WHAT TO WORK ON - Skip the pictures. Repeat everything else in the records word for word.

SOURCE RECORDS -
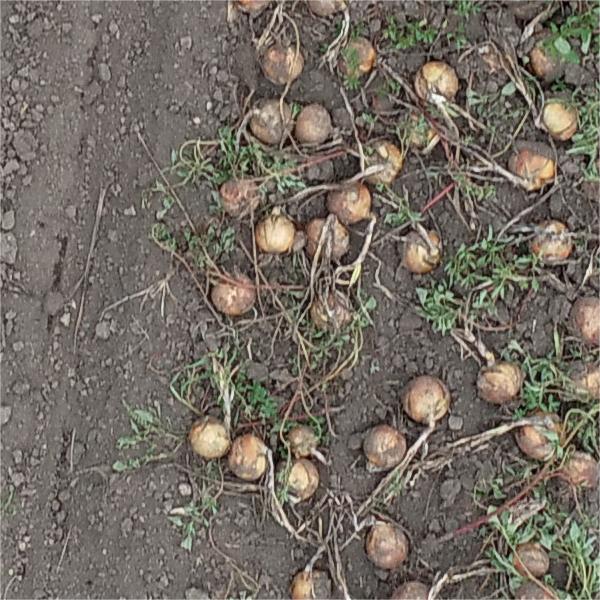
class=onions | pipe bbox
[226,434,266,477]
[399,118,431,148]
[560,453,594,489]
[570,297,599,344]
[400,230,439,271]
[363,139,402,181]
[259,43,301,83]
[516,542,548,577]
[227,0,264,19]
[515,416,558,460]
[508,0,550,16]
[280,460,320,499]
[361,424,403,467]
[363,519,410,567]
[512,579,561,600]
[210,270,253,314]
[307,0,343,13]
[565,362,599,397]
[402,377,448,422]
[307,220,347,258]
[415,61,457,102]
[339,39,377,78]
[524,43,559,81]
[583,159,600,201]
[188,415,228,456]
[287,569,330,600]
[478,361,520,403]
[539,99,577,138]
[328,181,371,223]
[313,291,349,329]
[531,220,570,261]
[284,422,317,456]
[254,213,294,252]
[466,43,510,79]
[392,579,429,599]
[511,145,554,188]
[219,174,261,215]
[248,99,290,142]
[294,104,330,143]

YOUR RESPONSE -
class=onions | pipe bbox
[226,434,266,477]
[399,118,431,148]
[560,453,594,489]
[570,297,599,344]
[400,230,439,271]
[363,139,402,181]
[259,43,301,83]
[516,542,548,577]
[227,0,264,19]
[515,416,558,460]
[508,0,550,16]
[280,460,320,499]
[361,424,403,467]
[363,519,410,567]
[512,579,561,600]
[210,270,253,314]
[307,0,343,13]
[565,362,599,397]
[402,377,448,422]
[307,220,347,258]
[415,61,457,102]
[339,39,377,78]
[524,43,559,81]
[583,159,600,201]
[188,415,228,456]
[287,569,330,600]
[478,361,520,403]
[539,99,577,138]
[328,181,371,223]
[313,291,349,329]
[531,220,570,261]
[284,422,317,456]
[254,213,294,252]
[466,43,510,79]
[392,579,429,599]
[511,145,554,188]
[219,174,261,215]
[248,99,290,142]
[294,104,330,143]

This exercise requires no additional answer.